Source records
◆ ◆ ◆

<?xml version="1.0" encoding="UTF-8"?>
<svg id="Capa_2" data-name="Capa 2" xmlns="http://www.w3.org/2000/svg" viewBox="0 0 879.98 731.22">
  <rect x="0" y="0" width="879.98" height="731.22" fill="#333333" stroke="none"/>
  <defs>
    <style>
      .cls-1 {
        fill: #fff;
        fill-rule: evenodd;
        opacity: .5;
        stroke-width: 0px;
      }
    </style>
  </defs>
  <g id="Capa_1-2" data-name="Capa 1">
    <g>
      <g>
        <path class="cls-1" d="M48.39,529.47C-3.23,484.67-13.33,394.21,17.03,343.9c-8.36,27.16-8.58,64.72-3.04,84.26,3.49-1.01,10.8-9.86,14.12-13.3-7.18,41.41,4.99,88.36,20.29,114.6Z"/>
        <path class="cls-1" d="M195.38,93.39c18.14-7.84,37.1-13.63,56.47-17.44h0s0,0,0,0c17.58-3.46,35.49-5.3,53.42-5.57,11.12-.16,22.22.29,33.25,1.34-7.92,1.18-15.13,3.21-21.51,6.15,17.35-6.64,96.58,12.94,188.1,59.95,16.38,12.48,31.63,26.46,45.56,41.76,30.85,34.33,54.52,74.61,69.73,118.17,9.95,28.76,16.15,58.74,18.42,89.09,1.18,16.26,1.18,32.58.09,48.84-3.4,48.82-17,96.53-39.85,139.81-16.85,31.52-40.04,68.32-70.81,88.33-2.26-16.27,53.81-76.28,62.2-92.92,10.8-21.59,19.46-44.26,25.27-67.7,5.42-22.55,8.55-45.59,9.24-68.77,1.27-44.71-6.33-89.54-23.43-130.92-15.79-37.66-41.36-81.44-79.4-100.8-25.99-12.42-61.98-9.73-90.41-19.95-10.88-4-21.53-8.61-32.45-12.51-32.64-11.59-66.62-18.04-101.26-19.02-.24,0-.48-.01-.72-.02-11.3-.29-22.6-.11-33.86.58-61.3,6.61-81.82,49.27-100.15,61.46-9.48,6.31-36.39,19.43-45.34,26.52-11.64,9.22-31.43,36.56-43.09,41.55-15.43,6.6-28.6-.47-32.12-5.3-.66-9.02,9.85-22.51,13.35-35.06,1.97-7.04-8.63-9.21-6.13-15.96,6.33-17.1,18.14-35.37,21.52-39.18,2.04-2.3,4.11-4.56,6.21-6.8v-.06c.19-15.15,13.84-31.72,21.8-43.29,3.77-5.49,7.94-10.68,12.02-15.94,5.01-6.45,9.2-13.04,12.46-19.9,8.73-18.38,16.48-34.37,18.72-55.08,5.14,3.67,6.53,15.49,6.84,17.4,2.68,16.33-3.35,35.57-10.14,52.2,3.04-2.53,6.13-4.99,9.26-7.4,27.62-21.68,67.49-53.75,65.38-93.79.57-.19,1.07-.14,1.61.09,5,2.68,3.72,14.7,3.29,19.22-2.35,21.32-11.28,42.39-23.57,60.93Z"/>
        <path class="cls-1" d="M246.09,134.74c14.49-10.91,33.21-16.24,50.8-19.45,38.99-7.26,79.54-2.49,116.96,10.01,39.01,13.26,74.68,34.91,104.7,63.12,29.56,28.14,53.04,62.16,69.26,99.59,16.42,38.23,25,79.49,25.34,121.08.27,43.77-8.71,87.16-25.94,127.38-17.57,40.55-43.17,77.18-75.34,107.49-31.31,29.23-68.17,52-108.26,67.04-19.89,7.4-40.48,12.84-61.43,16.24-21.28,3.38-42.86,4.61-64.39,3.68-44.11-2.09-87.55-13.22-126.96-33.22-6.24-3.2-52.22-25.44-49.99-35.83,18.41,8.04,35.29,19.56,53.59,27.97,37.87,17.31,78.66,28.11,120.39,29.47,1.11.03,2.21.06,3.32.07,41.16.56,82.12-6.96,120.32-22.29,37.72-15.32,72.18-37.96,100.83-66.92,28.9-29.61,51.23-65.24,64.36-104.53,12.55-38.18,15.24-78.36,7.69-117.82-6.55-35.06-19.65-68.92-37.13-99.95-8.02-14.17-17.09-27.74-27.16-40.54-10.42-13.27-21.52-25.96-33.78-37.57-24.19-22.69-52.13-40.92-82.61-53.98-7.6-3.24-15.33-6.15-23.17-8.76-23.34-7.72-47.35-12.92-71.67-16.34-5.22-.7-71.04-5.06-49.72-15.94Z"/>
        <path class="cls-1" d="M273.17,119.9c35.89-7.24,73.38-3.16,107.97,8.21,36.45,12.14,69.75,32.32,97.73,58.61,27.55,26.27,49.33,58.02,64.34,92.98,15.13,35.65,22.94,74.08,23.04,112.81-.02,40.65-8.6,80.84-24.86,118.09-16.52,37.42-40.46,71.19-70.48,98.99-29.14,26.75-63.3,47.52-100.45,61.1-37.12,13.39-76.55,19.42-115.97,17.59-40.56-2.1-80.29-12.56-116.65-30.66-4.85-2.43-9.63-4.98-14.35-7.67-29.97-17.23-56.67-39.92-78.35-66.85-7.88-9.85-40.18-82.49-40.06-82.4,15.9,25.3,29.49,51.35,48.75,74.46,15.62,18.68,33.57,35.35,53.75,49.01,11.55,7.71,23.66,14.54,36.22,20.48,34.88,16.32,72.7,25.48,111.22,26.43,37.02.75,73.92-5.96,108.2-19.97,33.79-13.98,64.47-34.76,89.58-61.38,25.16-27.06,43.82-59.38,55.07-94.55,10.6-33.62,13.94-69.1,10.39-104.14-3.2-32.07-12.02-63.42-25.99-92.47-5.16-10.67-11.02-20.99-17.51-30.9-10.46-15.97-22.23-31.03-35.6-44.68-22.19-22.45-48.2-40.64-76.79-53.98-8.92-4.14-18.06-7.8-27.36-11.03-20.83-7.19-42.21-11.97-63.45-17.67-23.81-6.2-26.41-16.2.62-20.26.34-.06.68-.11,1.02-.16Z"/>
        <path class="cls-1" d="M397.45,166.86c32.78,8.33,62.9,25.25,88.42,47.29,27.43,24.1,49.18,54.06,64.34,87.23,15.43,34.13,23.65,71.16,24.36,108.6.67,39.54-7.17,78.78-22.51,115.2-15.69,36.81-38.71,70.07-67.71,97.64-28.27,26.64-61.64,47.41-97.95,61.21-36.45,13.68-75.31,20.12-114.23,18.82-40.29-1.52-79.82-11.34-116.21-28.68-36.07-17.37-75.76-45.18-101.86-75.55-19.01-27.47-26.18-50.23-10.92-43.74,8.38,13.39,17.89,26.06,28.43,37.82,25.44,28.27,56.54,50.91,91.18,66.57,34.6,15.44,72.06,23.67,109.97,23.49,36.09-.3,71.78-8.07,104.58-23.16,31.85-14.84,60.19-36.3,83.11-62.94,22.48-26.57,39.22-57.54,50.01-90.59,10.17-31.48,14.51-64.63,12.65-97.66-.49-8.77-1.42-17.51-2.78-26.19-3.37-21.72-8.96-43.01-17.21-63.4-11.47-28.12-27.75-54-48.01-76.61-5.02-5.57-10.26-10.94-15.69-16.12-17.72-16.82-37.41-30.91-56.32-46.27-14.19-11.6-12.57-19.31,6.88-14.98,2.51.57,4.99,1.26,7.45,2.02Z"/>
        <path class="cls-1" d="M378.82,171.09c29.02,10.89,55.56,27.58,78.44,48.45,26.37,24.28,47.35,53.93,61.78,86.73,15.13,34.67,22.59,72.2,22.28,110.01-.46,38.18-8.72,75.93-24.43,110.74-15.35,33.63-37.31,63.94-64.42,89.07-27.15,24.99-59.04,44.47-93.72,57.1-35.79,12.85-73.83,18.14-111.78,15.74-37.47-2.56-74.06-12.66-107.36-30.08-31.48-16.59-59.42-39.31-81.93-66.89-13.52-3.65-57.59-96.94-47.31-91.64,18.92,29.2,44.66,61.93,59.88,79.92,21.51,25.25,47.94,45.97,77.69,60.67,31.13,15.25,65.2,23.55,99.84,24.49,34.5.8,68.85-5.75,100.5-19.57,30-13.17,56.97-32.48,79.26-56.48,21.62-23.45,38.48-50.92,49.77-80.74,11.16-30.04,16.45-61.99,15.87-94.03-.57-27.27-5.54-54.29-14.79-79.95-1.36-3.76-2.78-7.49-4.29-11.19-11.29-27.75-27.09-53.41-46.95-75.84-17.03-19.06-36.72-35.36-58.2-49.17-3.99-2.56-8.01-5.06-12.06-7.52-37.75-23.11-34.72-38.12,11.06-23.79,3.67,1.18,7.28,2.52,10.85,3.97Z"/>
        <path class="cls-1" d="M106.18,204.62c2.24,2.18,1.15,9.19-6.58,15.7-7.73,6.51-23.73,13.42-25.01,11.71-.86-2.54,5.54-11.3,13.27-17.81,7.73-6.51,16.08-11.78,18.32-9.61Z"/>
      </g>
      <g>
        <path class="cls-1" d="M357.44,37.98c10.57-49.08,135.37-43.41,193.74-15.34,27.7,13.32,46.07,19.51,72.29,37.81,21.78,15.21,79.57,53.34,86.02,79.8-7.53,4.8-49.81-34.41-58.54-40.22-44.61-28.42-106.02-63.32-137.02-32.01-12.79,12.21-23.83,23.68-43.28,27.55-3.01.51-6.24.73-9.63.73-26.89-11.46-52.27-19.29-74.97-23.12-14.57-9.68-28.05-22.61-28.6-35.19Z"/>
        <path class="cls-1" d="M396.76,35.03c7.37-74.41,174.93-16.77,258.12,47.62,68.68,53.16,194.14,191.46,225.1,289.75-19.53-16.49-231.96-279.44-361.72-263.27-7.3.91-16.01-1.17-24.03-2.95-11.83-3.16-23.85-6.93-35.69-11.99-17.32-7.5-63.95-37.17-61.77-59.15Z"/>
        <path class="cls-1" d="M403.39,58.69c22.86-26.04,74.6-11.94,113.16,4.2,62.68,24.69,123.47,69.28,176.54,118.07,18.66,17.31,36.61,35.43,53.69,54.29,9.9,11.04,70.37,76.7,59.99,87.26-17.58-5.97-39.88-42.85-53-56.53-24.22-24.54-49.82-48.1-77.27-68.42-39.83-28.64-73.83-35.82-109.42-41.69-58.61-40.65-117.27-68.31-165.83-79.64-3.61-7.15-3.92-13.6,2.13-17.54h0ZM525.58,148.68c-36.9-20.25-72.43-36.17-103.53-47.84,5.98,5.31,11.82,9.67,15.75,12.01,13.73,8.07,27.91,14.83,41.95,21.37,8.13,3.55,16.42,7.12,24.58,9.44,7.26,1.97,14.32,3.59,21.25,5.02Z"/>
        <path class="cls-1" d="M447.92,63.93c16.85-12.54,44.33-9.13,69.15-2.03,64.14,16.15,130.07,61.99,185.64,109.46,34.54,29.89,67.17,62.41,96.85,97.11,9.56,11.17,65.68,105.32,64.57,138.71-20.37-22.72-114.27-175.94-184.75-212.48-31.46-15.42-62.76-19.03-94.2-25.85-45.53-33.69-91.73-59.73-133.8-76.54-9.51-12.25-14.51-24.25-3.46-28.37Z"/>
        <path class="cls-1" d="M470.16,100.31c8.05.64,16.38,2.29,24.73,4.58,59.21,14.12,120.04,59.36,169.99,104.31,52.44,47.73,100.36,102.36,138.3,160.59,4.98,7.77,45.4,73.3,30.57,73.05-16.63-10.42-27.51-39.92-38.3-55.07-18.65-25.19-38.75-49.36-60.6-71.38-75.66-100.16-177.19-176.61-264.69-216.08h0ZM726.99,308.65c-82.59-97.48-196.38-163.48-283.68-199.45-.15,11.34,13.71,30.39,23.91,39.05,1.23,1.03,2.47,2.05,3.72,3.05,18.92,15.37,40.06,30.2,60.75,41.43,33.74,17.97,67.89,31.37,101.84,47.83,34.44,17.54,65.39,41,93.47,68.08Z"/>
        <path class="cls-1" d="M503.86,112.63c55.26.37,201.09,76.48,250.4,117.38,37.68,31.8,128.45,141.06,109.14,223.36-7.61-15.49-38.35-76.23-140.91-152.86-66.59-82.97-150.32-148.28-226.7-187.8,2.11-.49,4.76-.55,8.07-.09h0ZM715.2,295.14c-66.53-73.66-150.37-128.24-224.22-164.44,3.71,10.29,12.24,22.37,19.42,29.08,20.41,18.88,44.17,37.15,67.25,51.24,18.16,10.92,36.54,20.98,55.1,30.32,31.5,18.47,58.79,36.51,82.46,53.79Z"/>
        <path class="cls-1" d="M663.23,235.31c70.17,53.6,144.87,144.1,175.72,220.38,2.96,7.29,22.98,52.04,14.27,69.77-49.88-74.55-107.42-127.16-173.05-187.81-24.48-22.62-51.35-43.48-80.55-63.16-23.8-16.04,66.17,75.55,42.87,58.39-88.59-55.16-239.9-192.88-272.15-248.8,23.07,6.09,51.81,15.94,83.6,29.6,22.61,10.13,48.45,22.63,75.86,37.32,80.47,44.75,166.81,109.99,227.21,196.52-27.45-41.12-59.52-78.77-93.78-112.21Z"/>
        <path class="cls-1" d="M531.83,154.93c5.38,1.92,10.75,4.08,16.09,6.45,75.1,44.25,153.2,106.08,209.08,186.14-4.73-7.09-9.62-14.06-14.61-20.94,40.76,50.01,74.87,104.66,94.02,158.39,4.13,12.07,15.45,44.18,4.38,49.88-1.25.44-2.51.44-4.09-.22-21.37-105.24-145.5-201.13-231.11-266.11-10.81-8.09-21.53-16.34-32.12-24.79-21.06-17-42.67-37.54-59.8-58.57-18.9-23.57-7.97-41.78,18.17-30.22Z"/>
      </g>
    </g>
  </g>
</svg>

◆ ◆ ◆

Task statement>
Only the count belongs in your answer, so please work out how many lines of the data contain "name".

Answer box>
2